Items from a data source
————
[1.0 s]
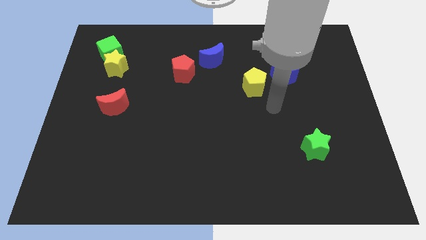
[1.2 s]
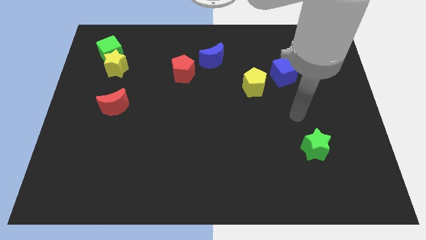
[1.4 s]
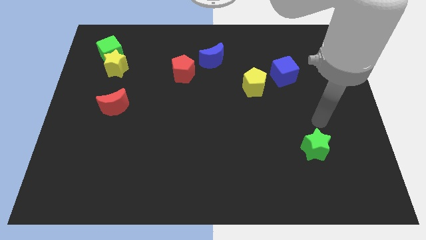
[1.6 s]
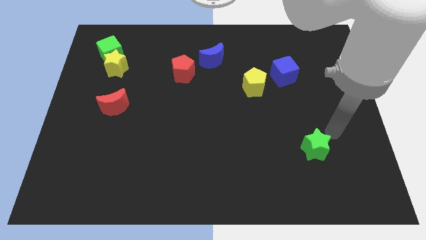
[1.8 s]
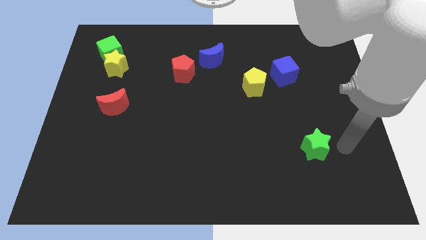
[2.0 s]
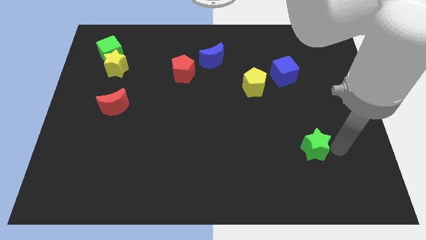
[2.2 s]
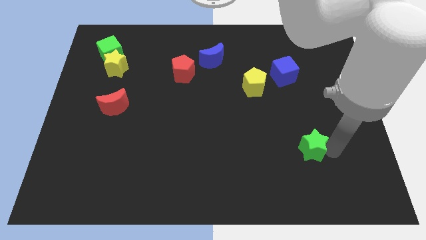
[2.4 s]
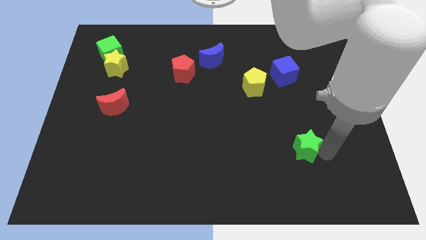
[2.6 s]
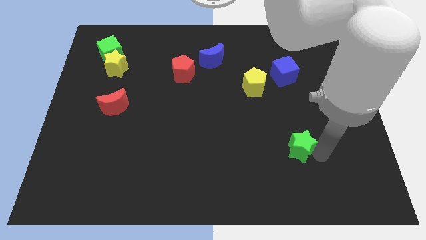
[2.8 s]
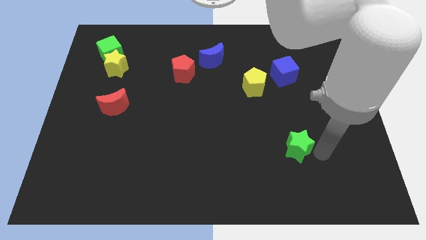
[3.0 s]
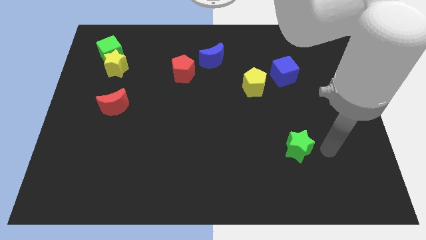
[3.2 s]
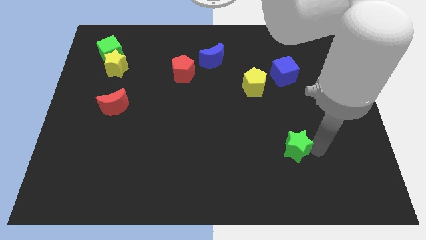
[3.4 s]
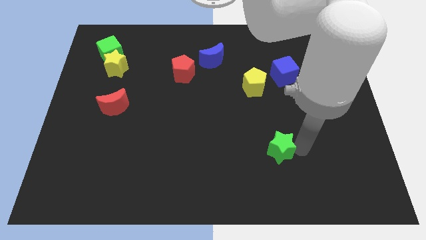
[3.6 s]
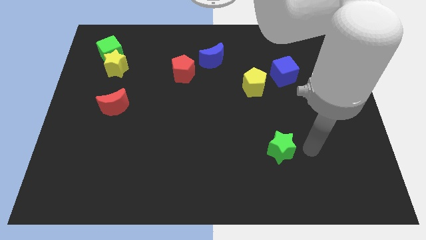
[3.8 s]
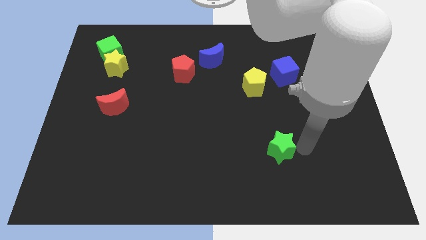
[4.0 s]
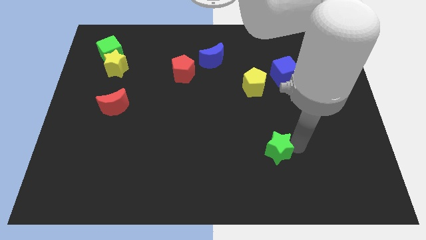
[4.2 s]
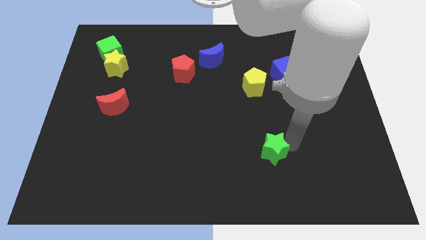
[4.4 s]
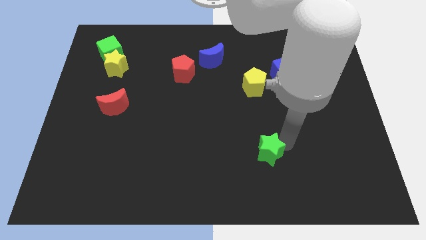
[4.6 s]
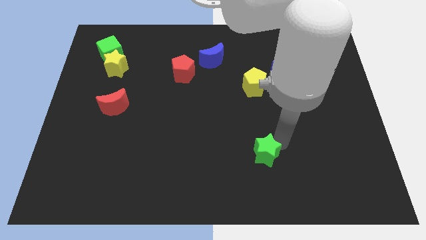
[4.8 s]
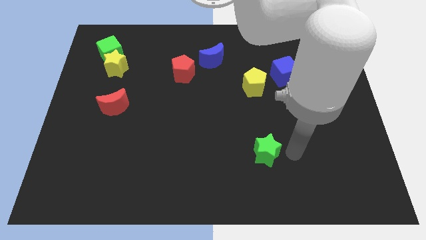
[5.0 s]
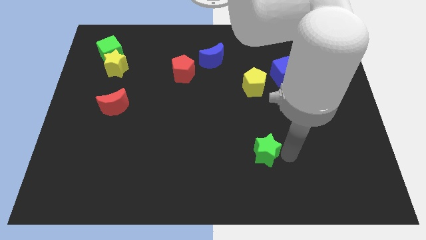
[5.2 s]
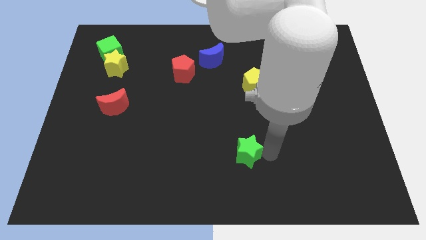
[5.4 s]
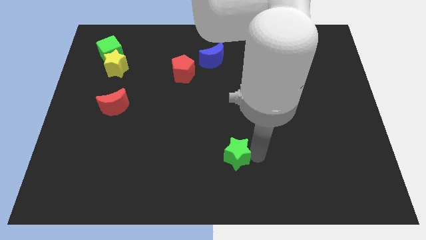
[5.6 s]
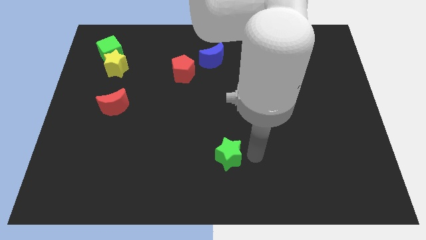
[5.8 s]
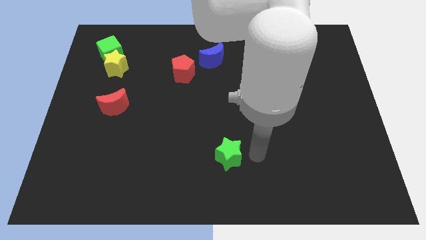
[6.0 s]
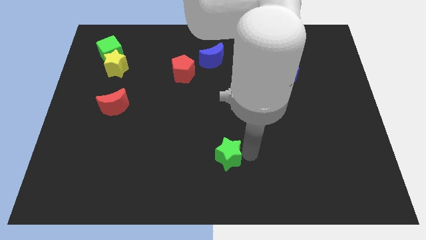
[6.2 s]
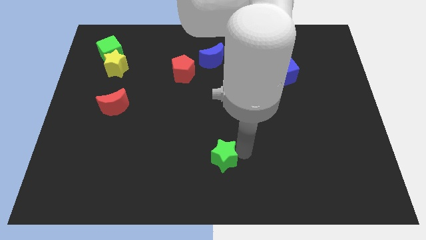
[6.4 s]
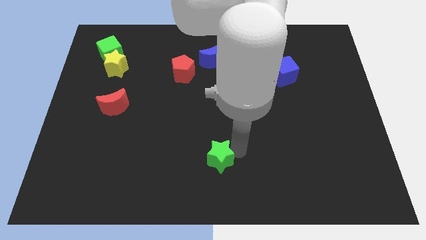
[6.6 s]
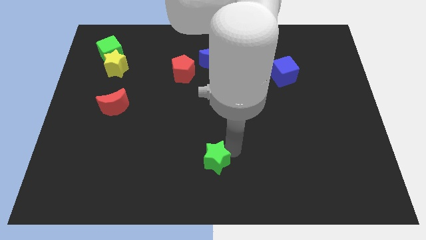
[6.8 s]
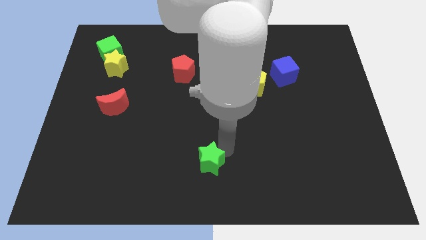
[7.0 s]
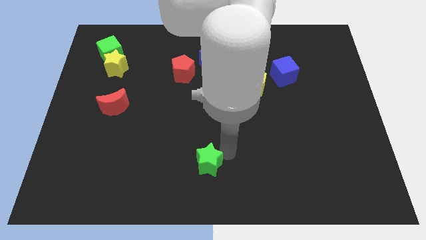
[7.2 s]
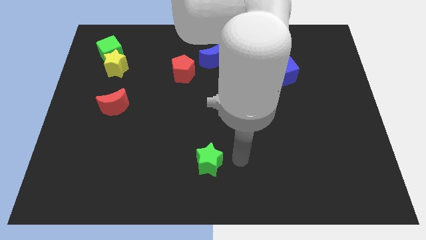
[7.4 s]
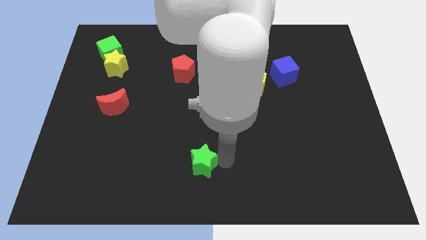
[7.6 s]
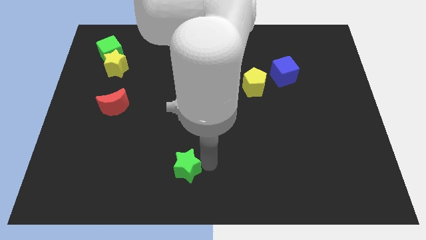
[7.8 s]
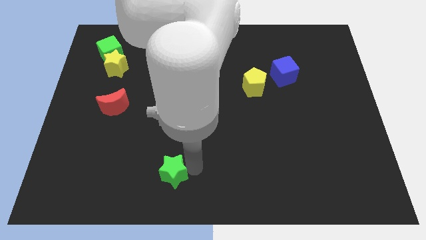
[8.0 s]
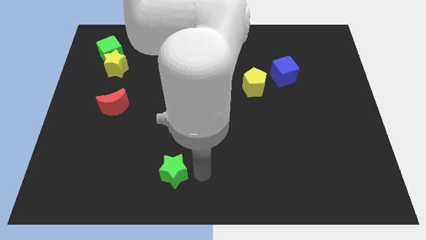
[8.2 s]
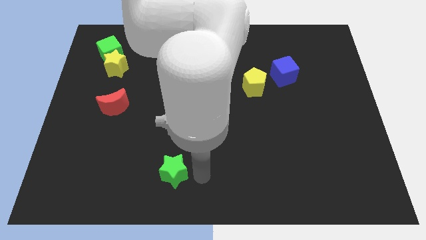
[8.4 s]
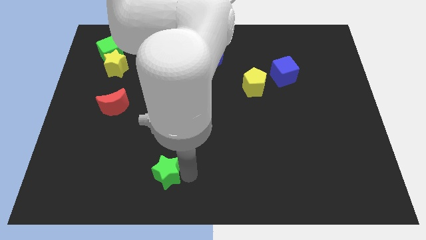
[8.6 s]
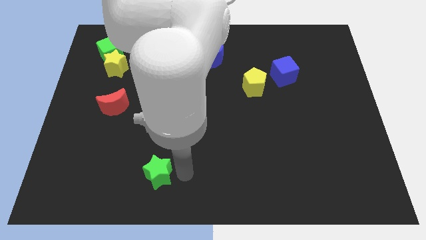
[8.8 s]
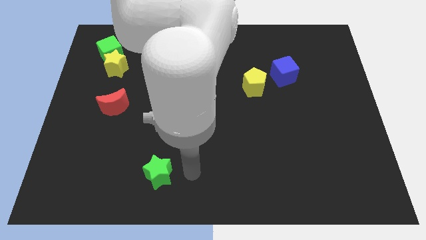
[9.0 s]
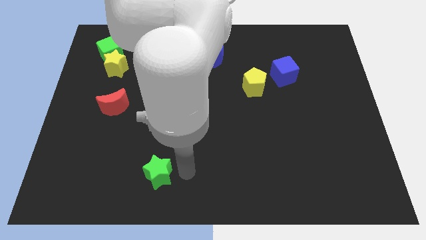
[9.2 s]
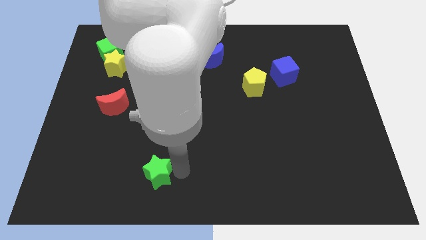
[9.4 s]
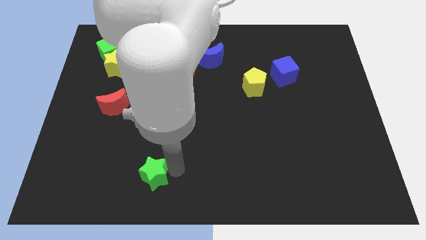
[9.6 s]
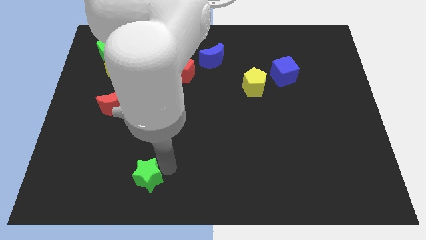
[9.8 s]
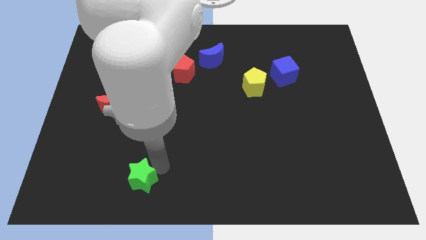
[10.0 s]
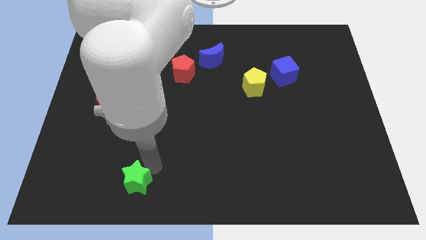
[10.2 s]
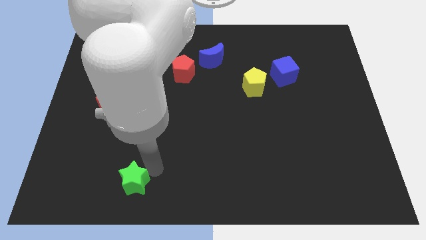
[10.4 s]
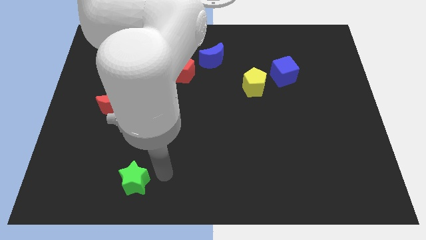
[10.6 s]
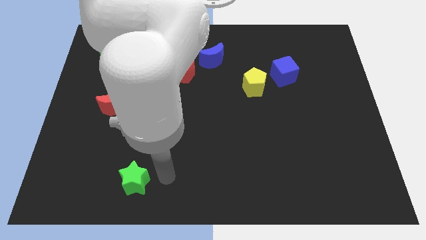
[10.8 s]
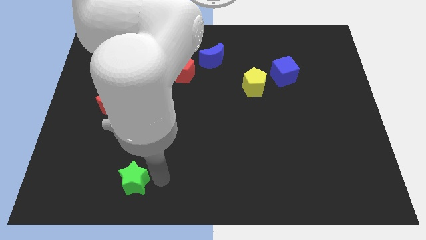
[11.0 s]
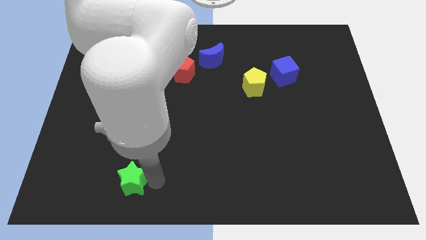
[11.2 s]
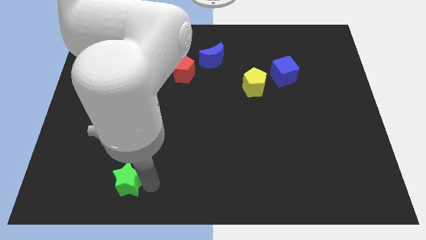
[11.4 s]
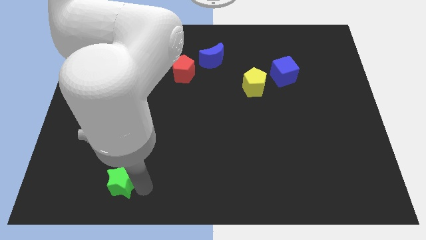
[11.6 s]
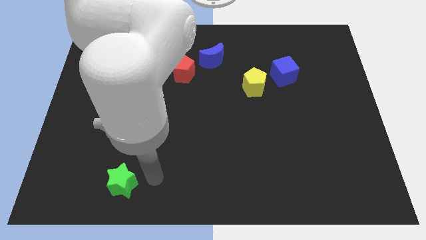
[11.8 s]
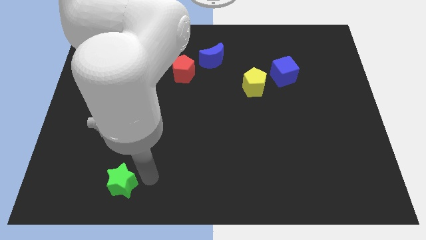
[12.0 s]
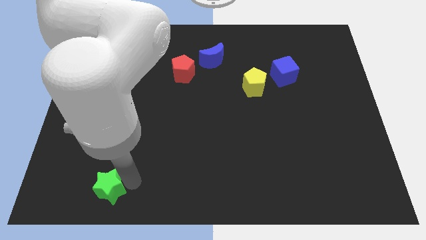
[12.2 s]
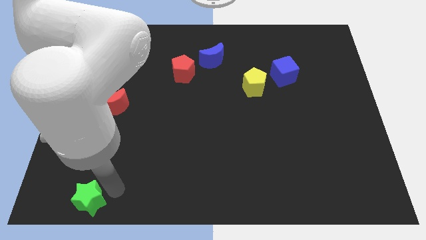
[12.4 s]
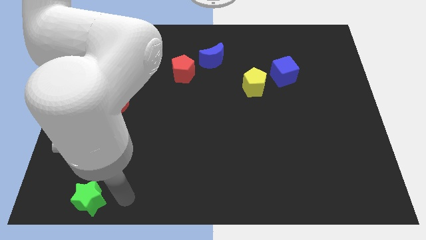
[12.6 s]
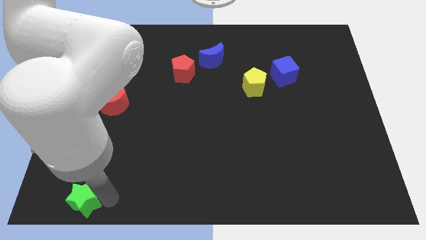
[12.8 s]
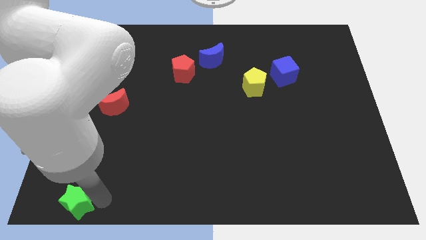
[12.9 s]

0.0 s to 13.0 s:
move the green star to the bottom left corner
————
Problem statement
All of the records should be output exactly as they stand, with pictures omitted.

Response
[1.0 s]
[1.2 s]
[1.4 s]
[1.6 s]
[1.8 s]
[2.0 s]
[2.2 s]
[2.4 s]
[2.6 s]
[2.8 s]
[3.0 s]
[3.2 s]
[3.4 s]
[3.6 s]
[3.8 s]
[4.0 s]
[4.2 s]
[4.4 s]
[4.6 s]
[4.8 s]
[5.0 s]
[5.2 s]
[5.4 s]
[5.6 s]
[5.8 s]
[6.0 s]
[6.2 s]
[6.4 s]
[6.6 s]
[6.8 s]
[7.0 s]
[7.2 s]
[7.4 s]
[7.6 s]
[7.8 s]
[8.0 s]
[8.2 s]
[8.4 s]
[8.6 s]
[8.8 s]
[9.0 s]
[9.2 s]
[9.4 s]
[9.6 s]
[9.8 s]
[10.0 s]
[10.2 s]
[10.4 s]
[10.6 s]
[10.8 s]
[11.0 s]
[11.2 s]
[11.4 s]
[11.6 s]
[11.8 s]
[12.0 s]
[12.2 s]
[12.4 s]
[12.6 s]
[12.8 s]
[12.9 s]

0.0 s to 13.0 s:
move the green star to the bottom left corner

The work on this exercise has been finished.